文本函数

请参阅 Cypher 手册，了解内置的 Cypher 字符串函数和运算符。

使用 Levenshtein 距离比较字符串

使用 StringUtils.distance(text1, text2) 方法（Levenshtein）比较给定的 STRING 值。

RETURN apoc.text.distance("Levenshtein", "Levenstein") // 1

使用 Sørensen–Dice 系数公式比较给定字符串。

假定 Locale.ENGLISH 计算相似度

RETURN apoc.text.sorensenDiceSimilarity("belly", "jolly") // 0.5

使用显式语言环境计算相似度

RETURN apoc.text.sorensenDiceSimilarity("halım", "halim", "tr-TR") // 0.5

检查 2 个词是否可以通过 `fuzzyMatch` 模糊方式匹配

根据给定 STRING 的长度（距离：长度 < 3 为 0，长度 < 5 为 1，否则为 2），它将允许更多需要编辑的字符以匹配第二个 STRING (Levenshtein 距离)。

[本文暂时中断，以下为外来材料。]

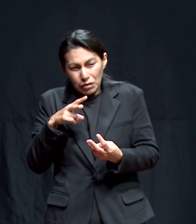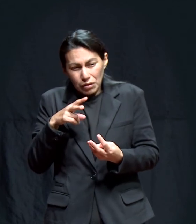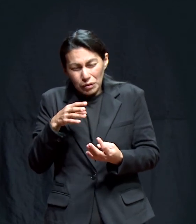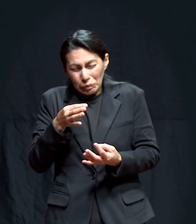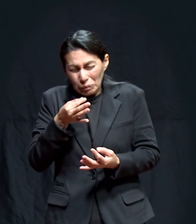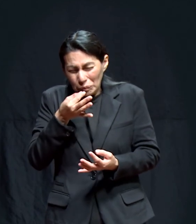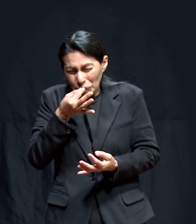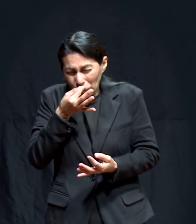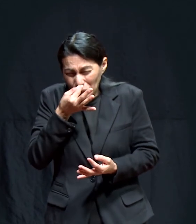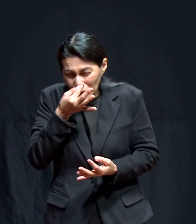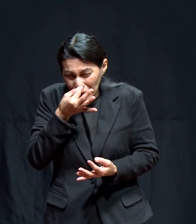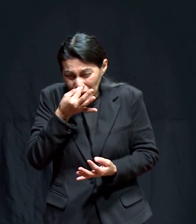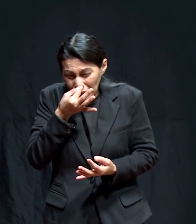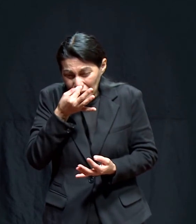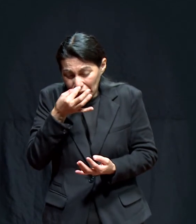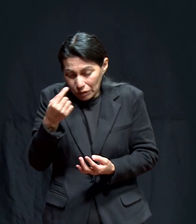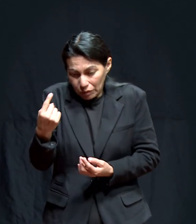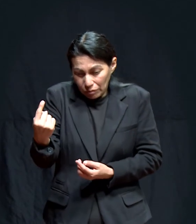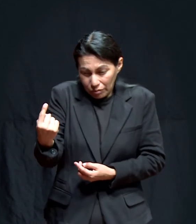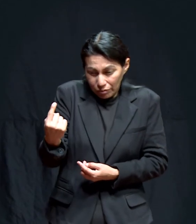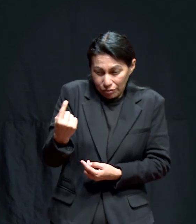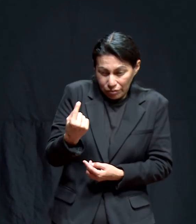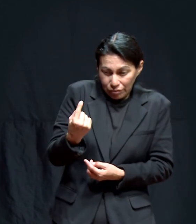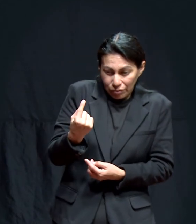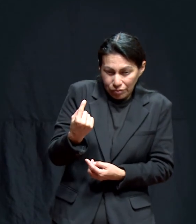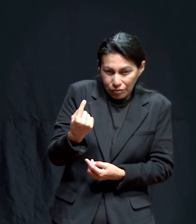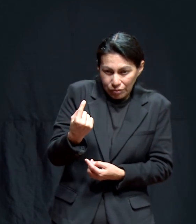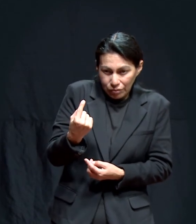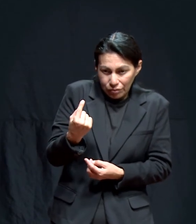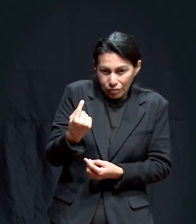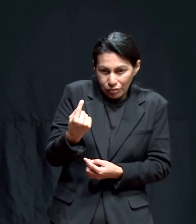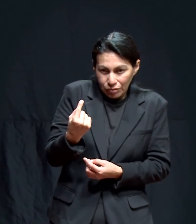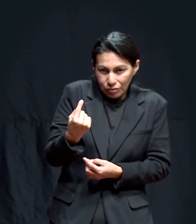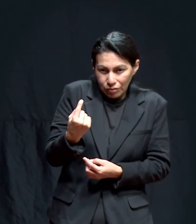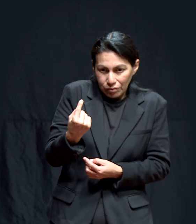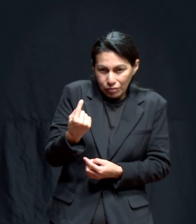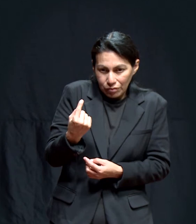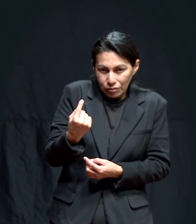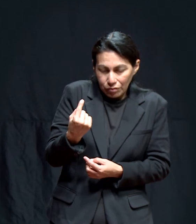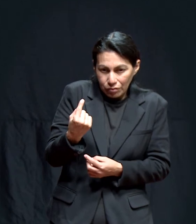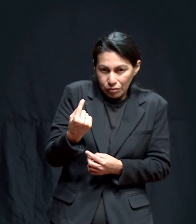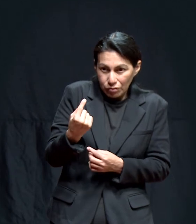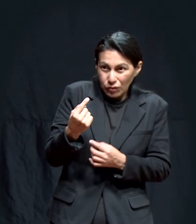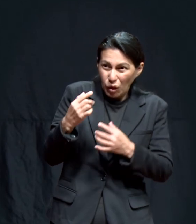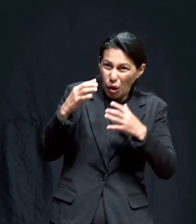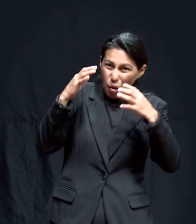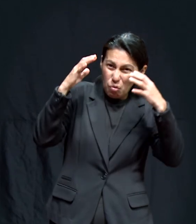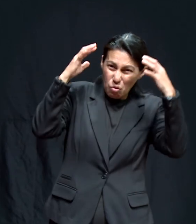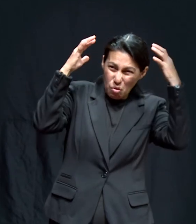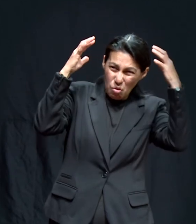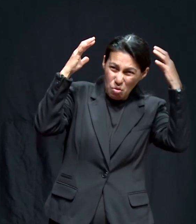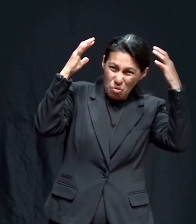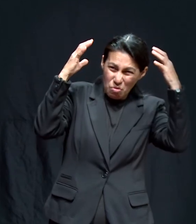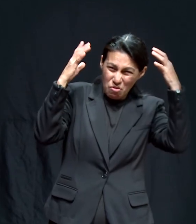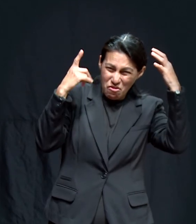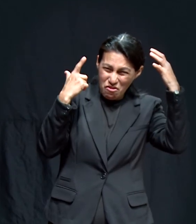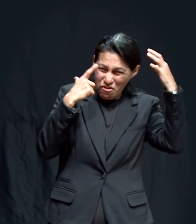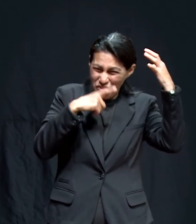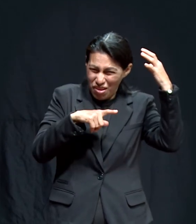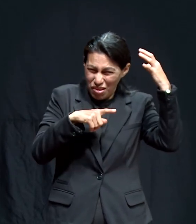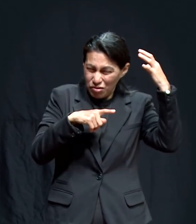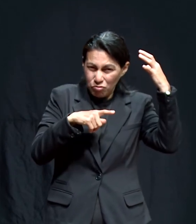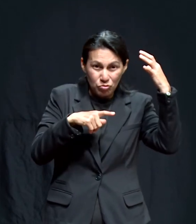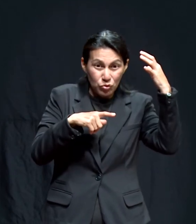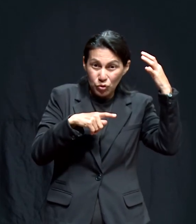casi al estar a unos pasos cerca de mí, fíjese que ya no era esa bestia.

RETURN apoc.text.fuzzyMatch("The", "the") // true

语音比较函数

语音文本 (Soundex) 函数允许您计算给定字符串的 Soundex 编码。还有一个过程用于比较两个字符串在 Soundex 算法下听起来的相似程度。所有 Soundex 过程默认假定所使用的语言是美式英语。

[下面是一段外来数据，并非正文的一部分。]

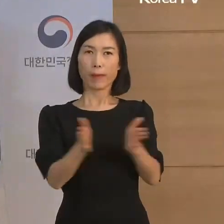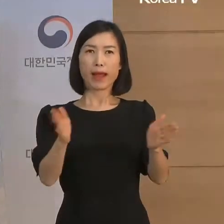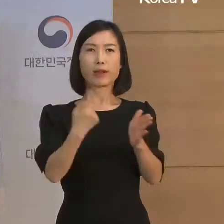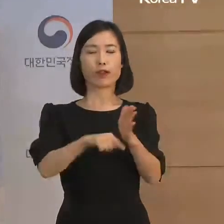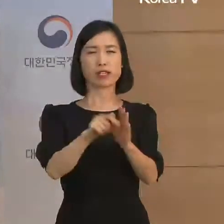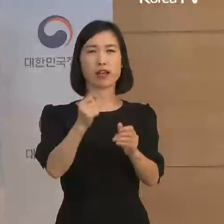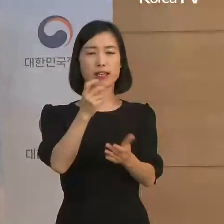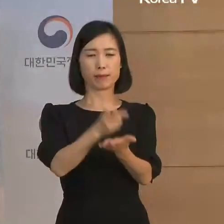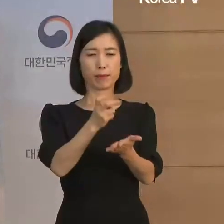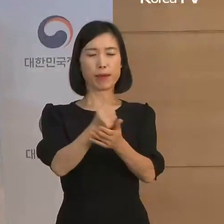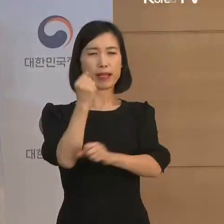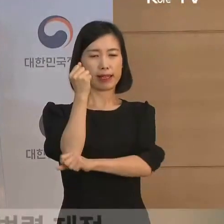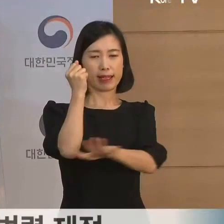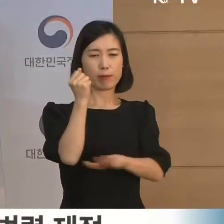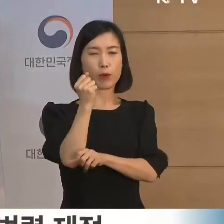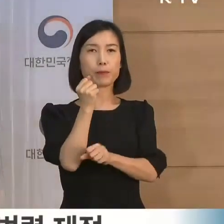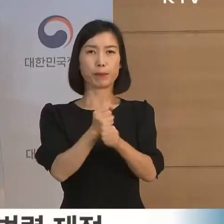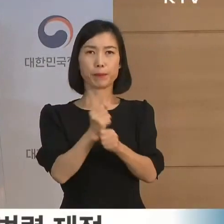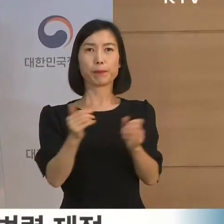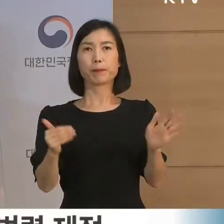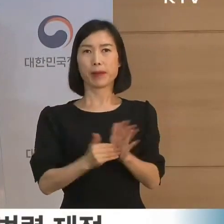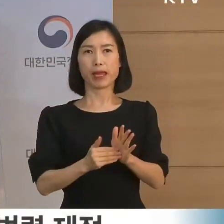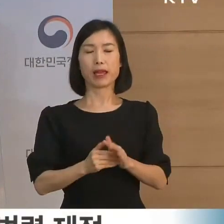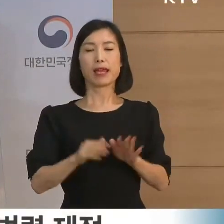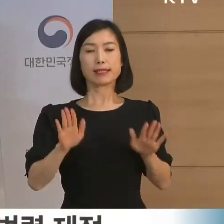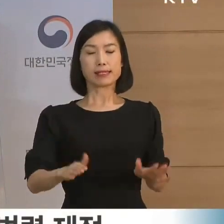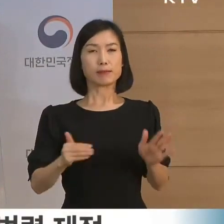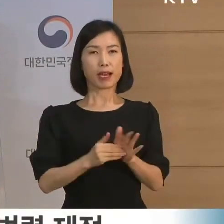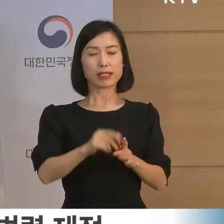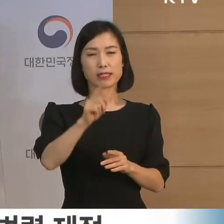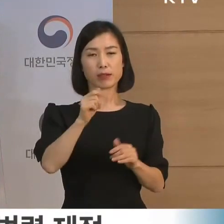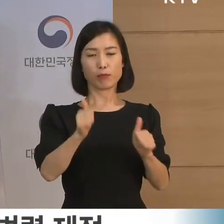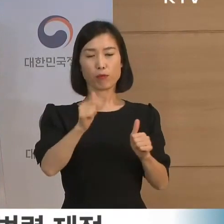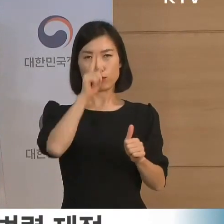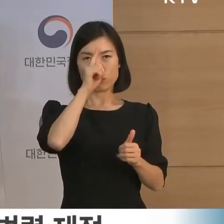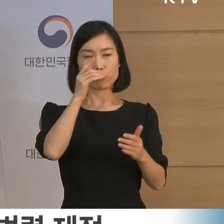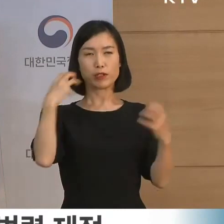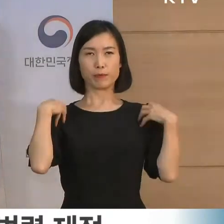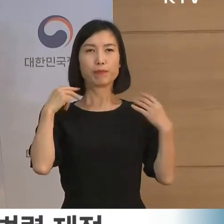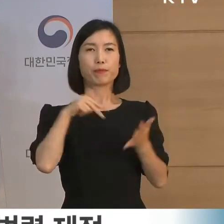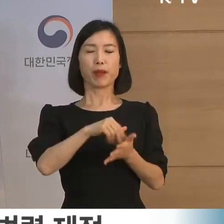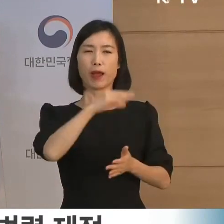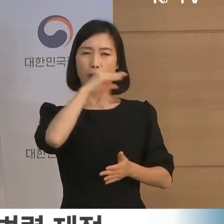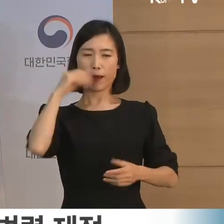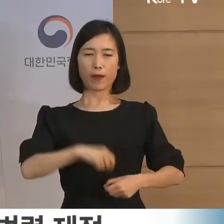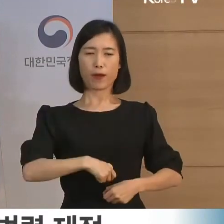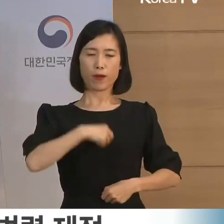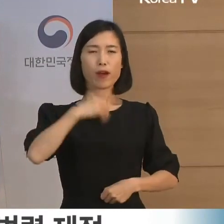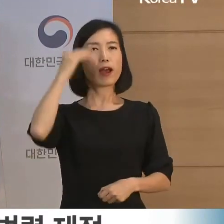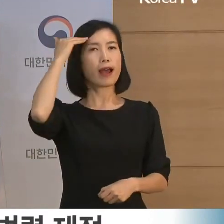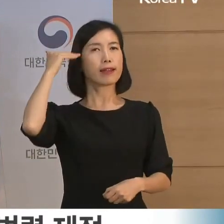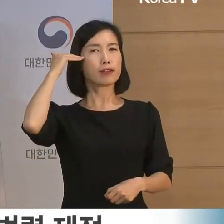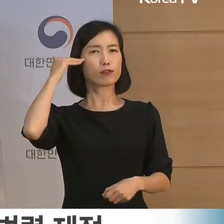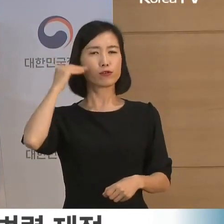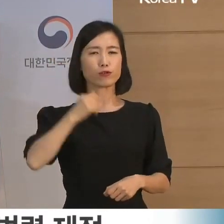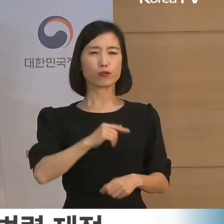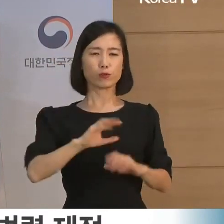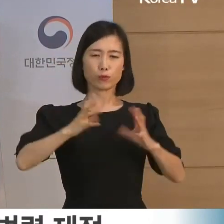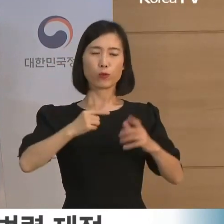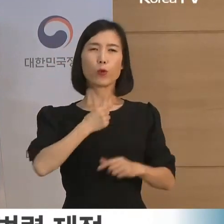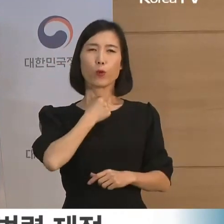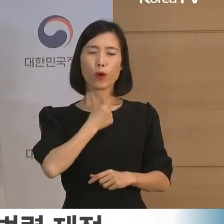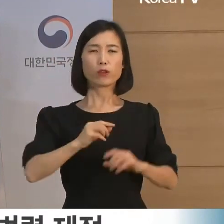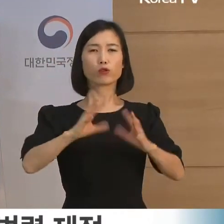제도적 기반이 마련되었습니다. 그동안 법무부는 정의롭고 공정한 대한민국을 열망하는

apoc.text.phonetic(text STRING)

返回 STRING 中所有词语的美式英语语音 Soundex 编码。

apoc.text.doubleMetaphone(value STRING)

返回给定 STRING 值中所有词语的双音译语音编码。

apoc.text.clean(text STRING)

去除给定 STRING 中除字母数字字符外的所有内容，并将其转换为小写。

apoc.text.compareCleaned(text1 STRING, text2 STRING)

比较两个给定 STRING 值，这些值已去除除字母数字字符外的所有内容并转换为小写。

表 1. 过程
`apoc.text.phoneticDelta(text1 STRING, text2 STRING)`	返回两个给定 `STRING` 值之间的美式英语 Soundex 字符差异。

// will return 'H436'
RETURN apoc.text.phonetic('Hello, dear User!')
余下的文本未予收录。